■ **What is expected**: Copy each line below in which the word "surface" occurs.

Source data
┏━━

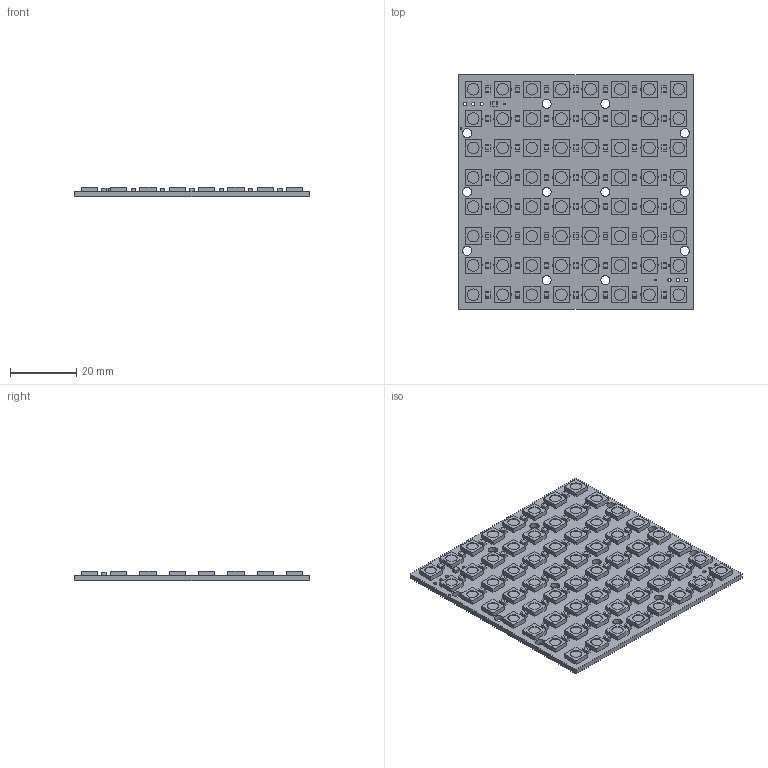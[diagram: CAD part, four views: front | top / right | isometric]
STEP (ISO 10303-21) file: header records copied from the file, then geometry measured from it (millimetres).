
FILE_DESCRIPTION(/* description */ (''),/* implementation_level */ '2;1');
FILE_NAME(/* name */ 'Adafruit_NeoMatrix_8x8.step',/* time_stamp */ '2020-08-10T19:37:18-04:00',/* author */ (''),/* organization */ (''),/* preprocessor_version */ 'ST-DEVELOPER v18.1',/* originating_system */ 'Autodesk Translation Framework v9.3.0.1241',/* authorisation */ '');
FILE_SCHEMA (('AUTOMOTIVE_DESIGN { 1 0 10303 214 3 1 1 }'));
Length unit declared in the file: millimetre
Products named in the file (5): Adafruit_NeoMatrix_8x8 v2; PCB Component; Board; WS2812B5050; 0805-NO
Assembly tree (123 placements, depth 3):
  Adafruit_NeoMatrix_8x8 v2
    PCB Component
      Board
      WS2812B5050  x64
      0805-NO  x57
Bounding box: 71.12 x 71.12 x 2.97 mm (x, y, z)
Volume: 10032.2 mm3; surface area: 16687.8 mm2
Topology: 122 solids, 122 shells, 1478 faces, 3510 edges, 2340 vertices
Faces by surface type: plane 1252, cylinder 226
Full cylindrical faces by diameter (mm): 0.5 x144, 1.016 x6, 2.8 x12, 3.5 x64
Entity records: 8397 total; most frequent: DIRECTION 1511, CARTESIAN_POINT 1233, ORIENTED_EDGE 1098, AXIS2_PLACEMENT_3D 644, EDGE_CURVE 549, EDGE_LOOP 515, VERTEX_POINT 366, CIRCLE 326

┗━━

■ **Response for this exercise**:
Volume: 10032.2 mm3; surface area: 16687.8 mm2
Faces by surface type: plane 1252, cylinder 226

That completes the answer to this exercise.